» What you need to do
Reproduce the whole listing that follows, character for character, and drop the images.

####

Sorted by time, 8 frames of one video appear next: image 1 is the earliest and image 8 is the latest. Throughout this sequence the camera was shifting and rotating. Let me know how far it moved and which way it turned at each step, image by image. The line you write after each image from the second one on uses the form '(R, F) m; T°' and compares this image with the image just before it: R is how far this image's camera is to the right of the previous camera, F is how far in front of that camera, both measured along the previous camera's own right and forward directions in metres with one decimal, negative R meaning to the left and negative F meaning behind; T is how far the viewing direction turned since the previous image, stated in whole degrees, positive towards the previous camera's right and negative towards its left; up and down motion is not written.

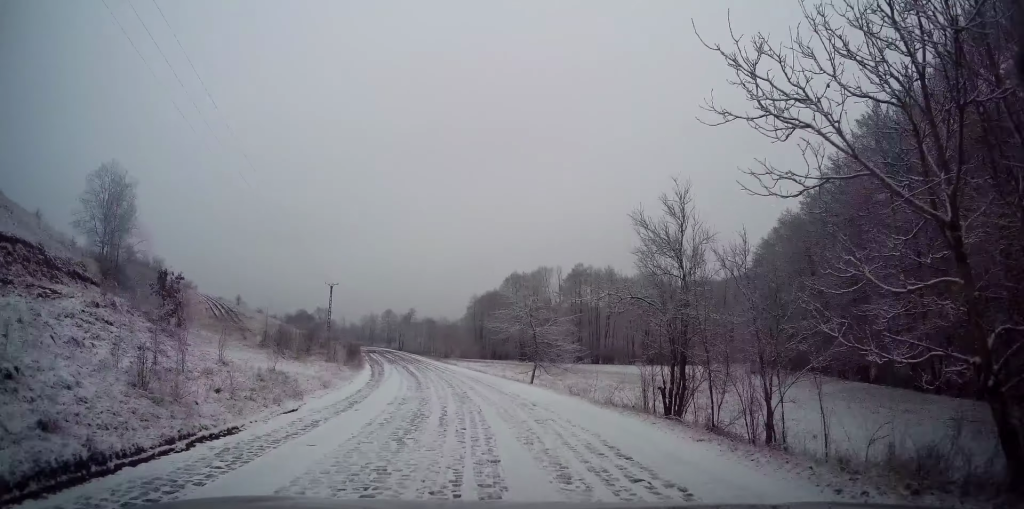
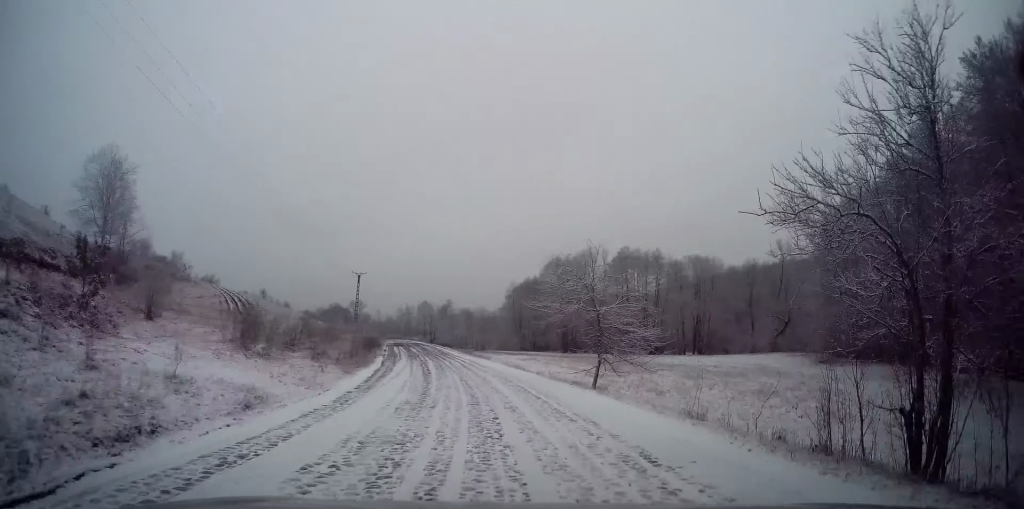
(-0.3, +7.3) m; -3°
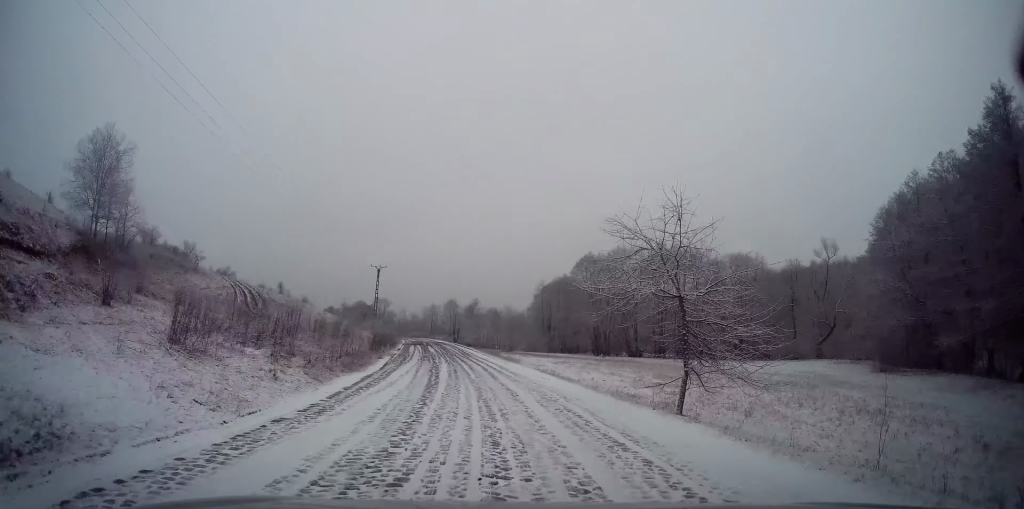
(0.0, +6.1) m; -2°
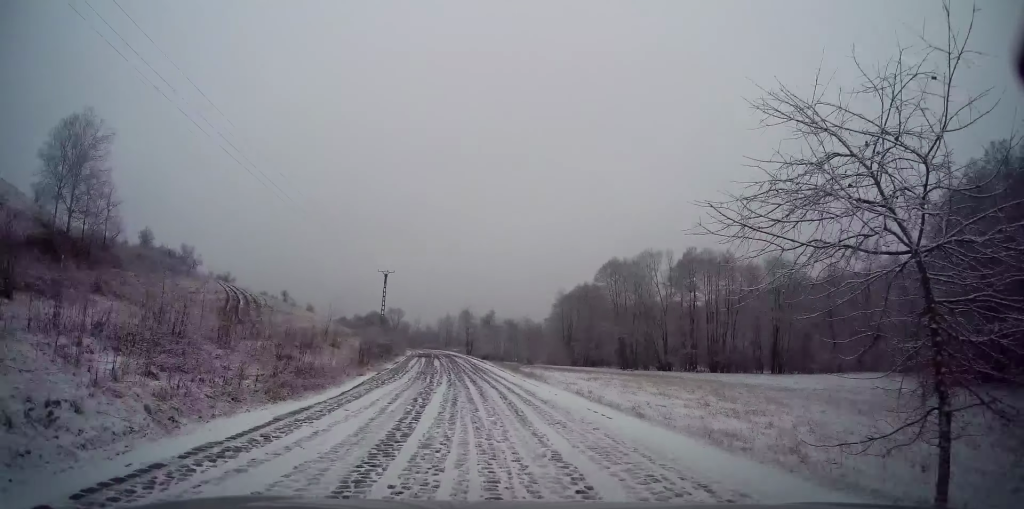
(-0.1, +7.6) m; -2°
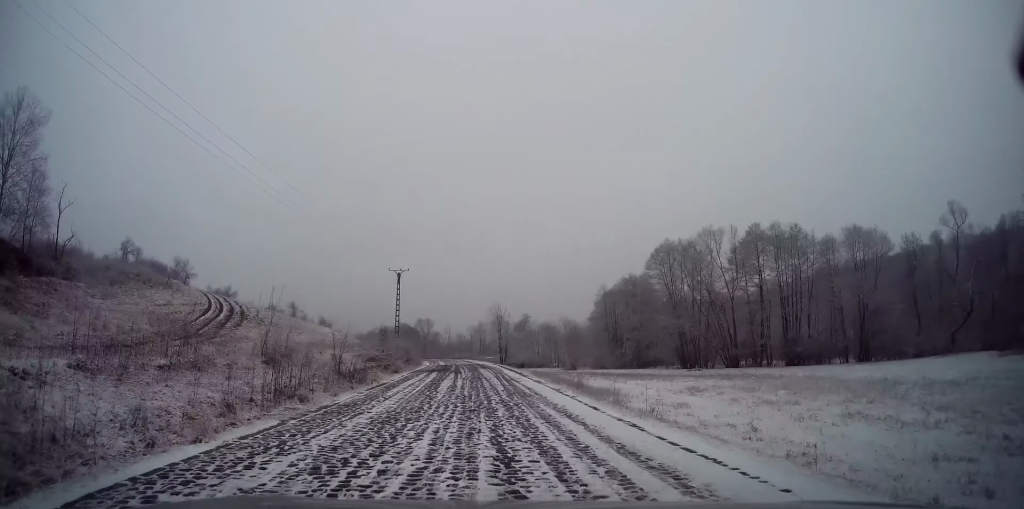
(-0.5, +14.0) m; -2°
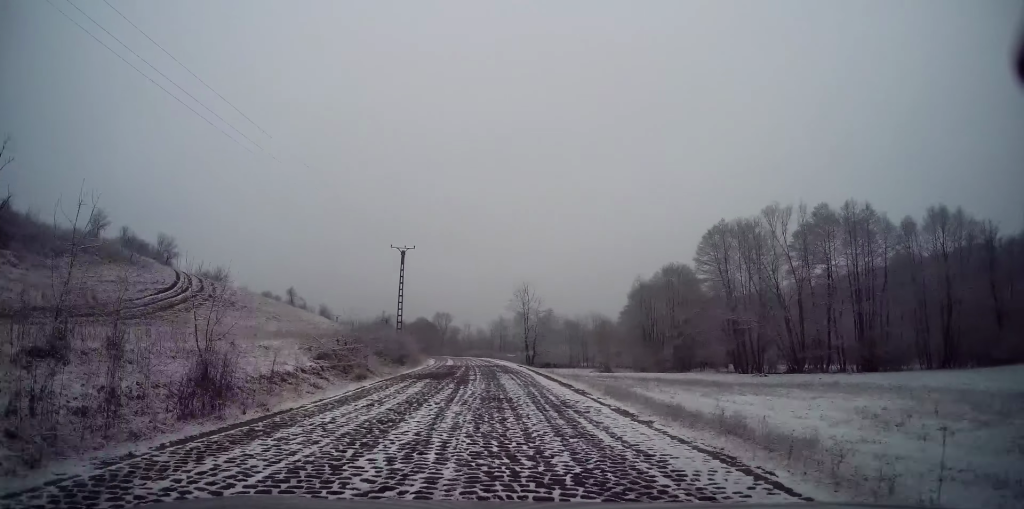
(0.0, +12.3) m; -2°
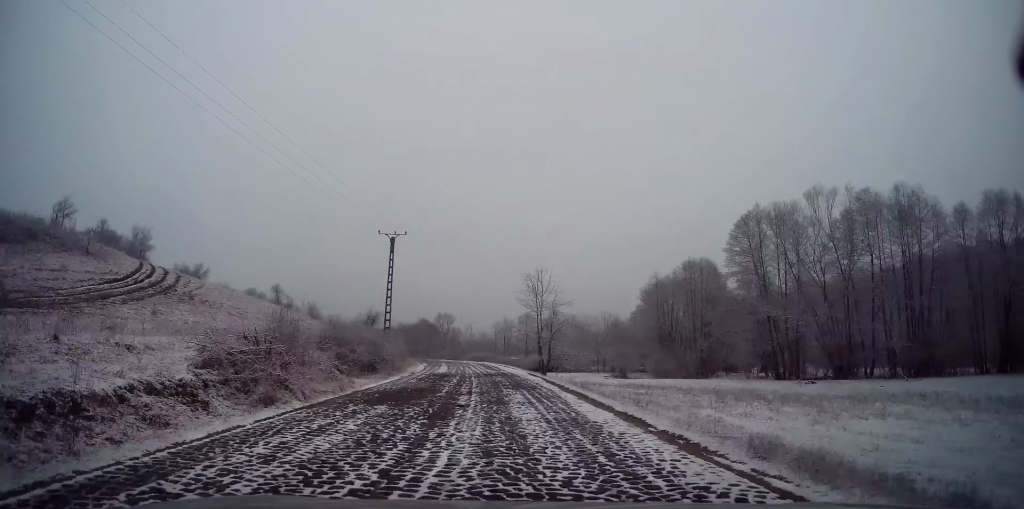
(-0.3, +8.4) m; -1°
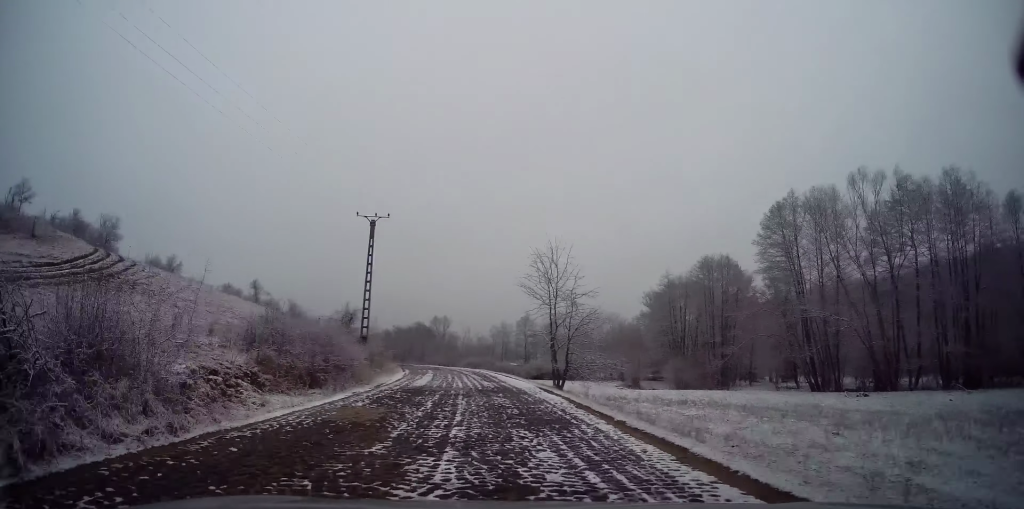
(0.0, +8.0) m; -1°

####

» Solution to this exercise
Sorted by time, 8 frames of one video appear next: image 1 is the earliest and image 8 is the latest. Throughout this sequence the camera was shifting and rotating. Let me know how far it moved and which way it turned at each step, image by image. The line you write after each image from the second one on uses the form '(R, F) m; T°' and compares this image with the image just before it: R is how far this image's camera is to the right of the previous camera, F is how far in front of that camera, both measured along the previous camera's own right and forward directions in metres with one decimal, negative R meaning to the left and negative F meaning behind; T is how far the viewing direction turned since the previous image, stated in whole degrees, positive towards the previous camera's right and negative towards its left; up and down motion is not written.

(-0.3, +7.3) m; -3°
(0.0, +6.1) m; -2°
(-0.1, +7.6) m; -2°
(-0.5, +14.0) m; -2°
(0.0, +12.3) m; -2°
(-0.3, +8.4) m; -1°
(0.0, +8.0) m; -1°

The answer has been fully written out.